Saved entries:

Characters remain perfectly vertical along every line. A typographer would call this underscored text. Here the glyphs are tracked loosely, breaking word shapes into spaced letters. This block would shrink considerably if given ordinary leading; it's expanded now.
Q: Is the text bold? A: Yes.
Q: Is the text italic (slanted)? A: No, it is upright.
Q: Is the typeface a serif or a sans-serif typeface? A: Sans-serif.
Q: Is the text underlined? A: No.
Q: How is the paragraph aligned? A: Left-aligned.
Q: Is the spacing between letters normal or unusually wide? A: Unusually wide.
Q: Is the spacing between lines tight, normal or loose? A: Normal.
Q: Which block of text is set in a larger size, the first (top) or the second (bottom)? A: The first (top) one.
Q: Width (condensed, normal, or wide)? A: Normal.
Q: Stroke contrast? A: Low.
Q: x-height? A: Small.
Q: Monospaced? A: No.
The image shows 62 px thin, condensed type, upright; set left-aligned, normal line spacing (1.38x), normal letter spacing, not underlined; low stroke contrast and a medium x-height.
--
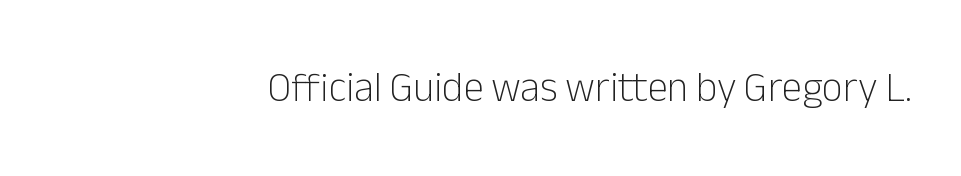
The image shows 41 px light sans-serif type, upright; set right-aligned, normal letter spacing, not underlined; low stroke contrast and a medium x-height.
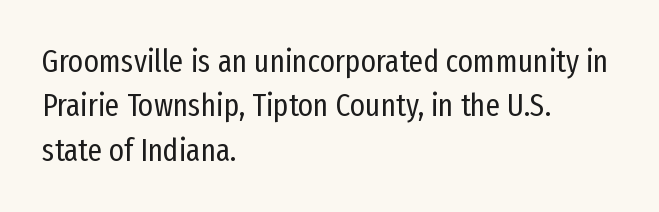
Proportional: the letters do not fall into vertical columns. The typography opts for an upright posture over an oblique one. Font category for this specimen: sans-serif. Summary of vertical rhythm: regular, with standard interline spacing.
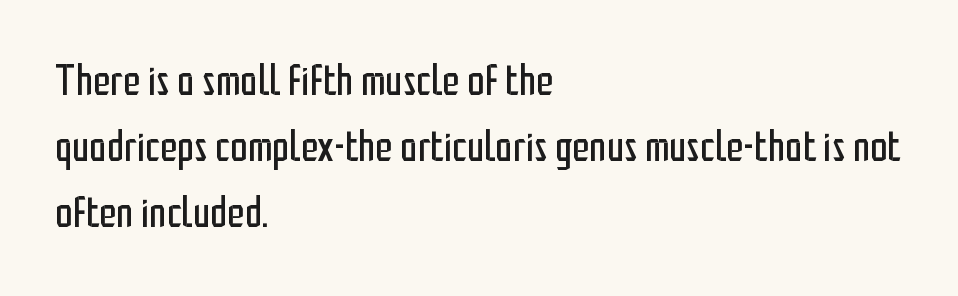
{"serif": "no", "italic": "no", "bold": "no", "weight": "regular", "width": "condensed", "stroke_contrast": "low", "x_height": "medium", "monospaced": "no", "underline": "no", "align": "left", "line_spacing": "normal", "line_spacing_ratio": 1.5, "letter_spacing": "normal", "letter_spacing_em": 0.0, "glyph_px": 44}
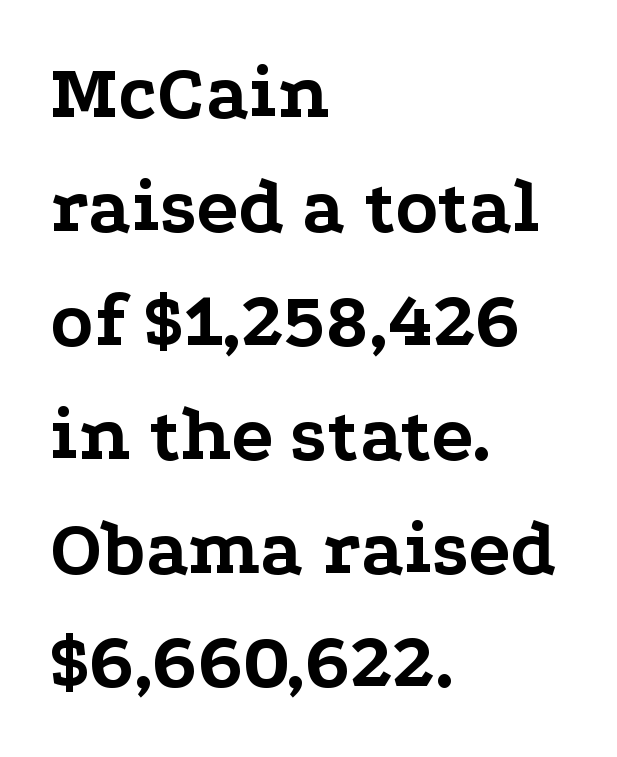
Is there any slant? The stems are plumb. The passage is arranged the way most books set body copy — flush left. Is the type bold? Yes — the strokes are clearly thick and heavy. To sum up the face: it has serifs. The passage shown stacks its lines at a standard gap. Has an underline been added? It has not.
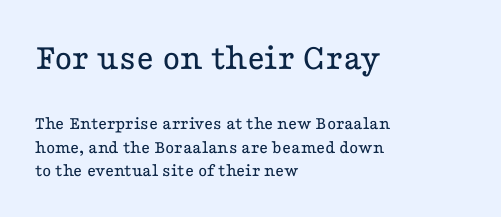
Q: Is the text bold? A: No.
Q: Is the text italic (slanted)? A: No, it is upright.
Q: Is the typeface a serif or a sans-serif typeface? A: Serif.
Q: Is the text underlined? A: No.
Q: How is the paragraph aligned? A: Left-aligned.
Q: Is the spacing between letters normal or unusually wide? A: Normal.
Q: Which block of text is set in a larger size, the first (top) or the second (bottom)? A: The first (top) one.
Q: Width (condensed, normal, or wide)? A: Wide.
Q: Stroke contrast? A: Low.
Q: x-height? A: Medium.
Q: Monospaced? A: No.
...
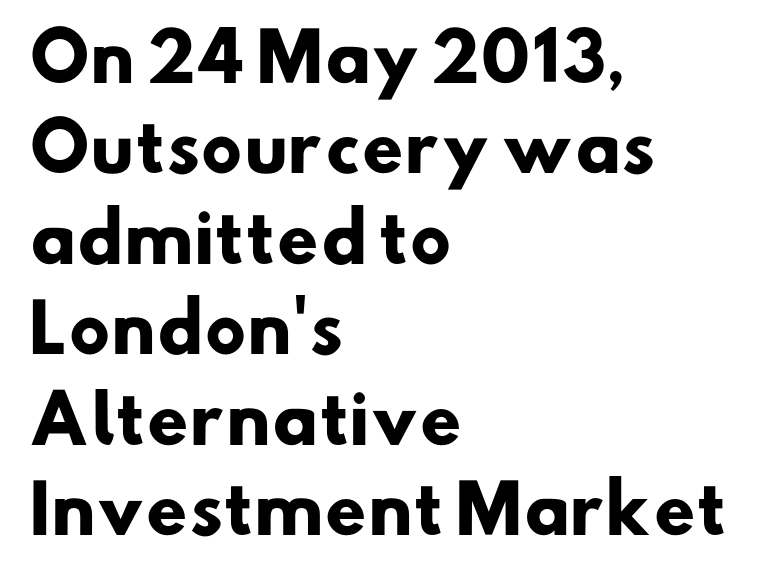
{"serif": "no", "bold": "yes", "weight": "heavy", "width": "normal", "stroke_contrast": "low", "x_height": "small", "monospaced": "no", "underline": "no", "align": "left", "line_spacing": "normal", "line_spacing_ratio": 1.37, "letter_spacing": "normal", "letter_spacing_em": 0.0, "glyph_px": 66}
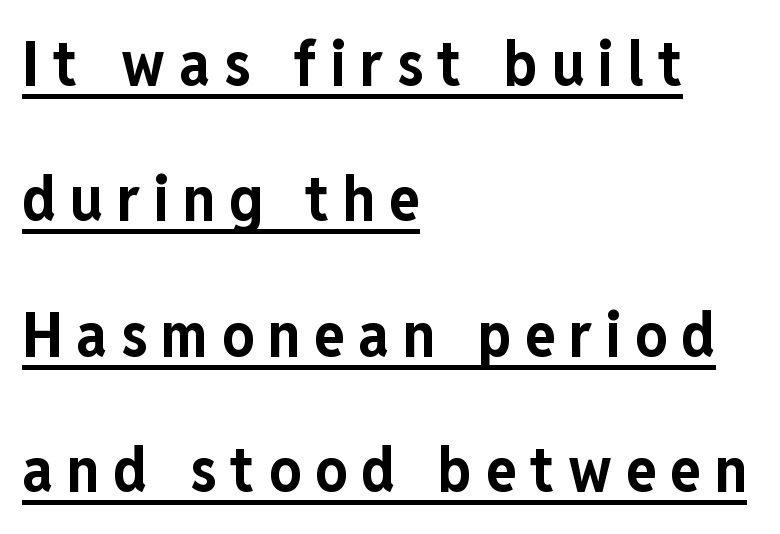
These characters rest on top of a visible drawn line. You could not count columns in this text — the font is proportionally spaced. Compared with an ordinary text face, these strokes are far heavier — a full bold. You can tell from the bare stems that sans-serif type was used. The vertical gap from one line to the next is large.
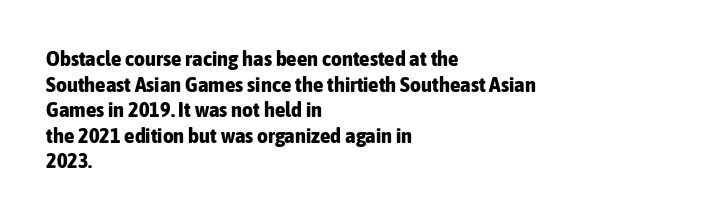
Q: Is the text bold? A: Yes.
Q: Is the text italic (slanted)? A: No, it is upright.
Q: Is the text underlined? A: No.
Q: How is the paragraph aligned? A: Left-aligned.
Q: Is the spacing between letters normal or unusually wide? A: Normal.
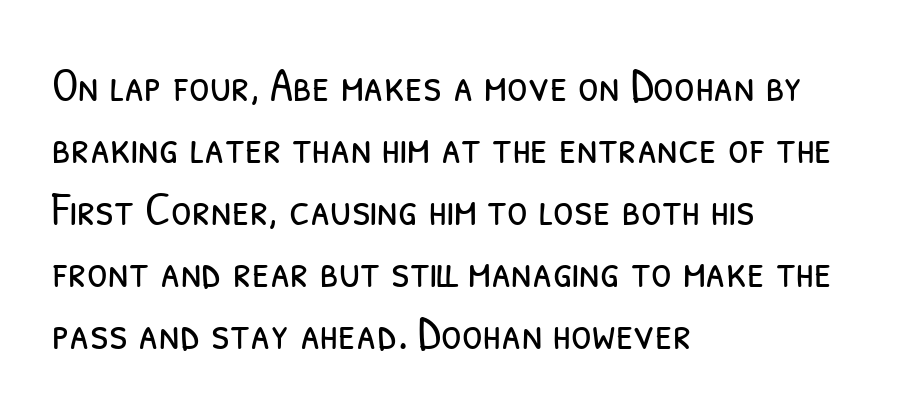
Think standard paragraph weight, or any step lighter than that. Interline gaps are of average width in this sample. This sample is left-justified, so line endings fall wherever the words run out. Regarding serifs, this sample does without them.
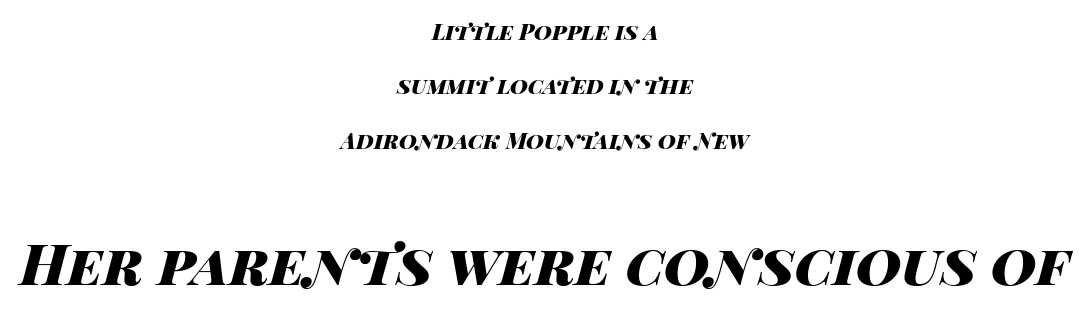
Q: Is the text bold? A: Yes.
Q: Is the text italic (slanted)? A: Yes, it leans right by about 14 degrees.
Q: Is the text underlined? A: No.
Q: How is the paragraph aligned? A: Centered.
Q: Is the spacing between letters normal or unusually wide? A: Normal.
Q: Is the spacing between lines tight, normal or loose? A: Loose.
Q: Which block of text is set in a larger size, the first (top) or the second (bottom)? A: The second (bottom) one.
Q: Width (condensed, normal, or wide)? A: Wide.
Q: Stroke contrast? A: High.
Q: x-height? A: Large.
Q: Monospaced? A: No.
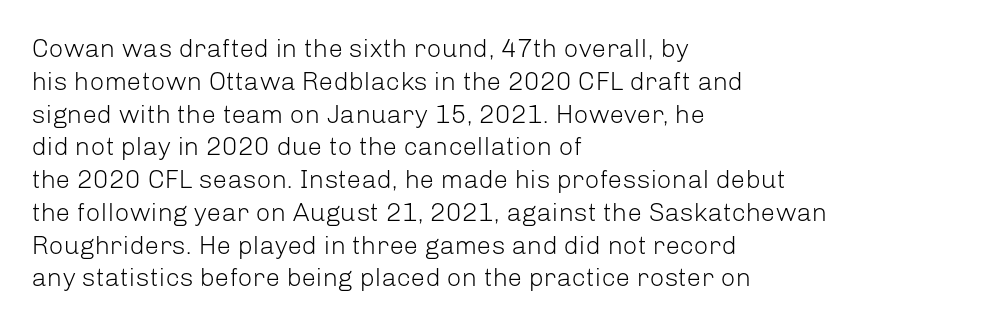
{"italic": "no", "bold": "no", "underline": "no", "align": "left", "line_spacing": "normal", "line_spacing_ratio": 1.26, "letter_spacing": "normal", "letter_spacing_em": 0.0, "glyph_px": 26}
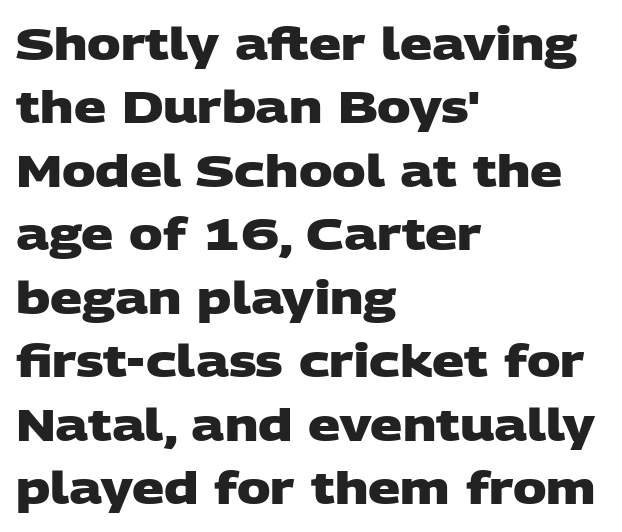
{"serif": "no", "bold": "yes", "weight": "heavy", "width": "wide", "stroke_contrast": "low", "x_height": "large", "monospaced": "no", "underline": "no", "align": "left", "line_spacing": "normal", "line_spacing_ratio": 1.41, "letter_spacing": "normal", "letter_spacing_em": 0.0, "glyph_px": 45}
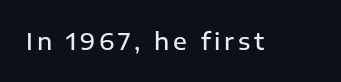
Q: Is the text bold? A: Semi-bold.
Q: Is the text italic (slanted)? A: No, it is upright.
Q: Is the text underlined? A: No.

# Task prompt
After counting the lines of the records above that hold the word "condensed", give the total and nothing else.

# Completed exercise
5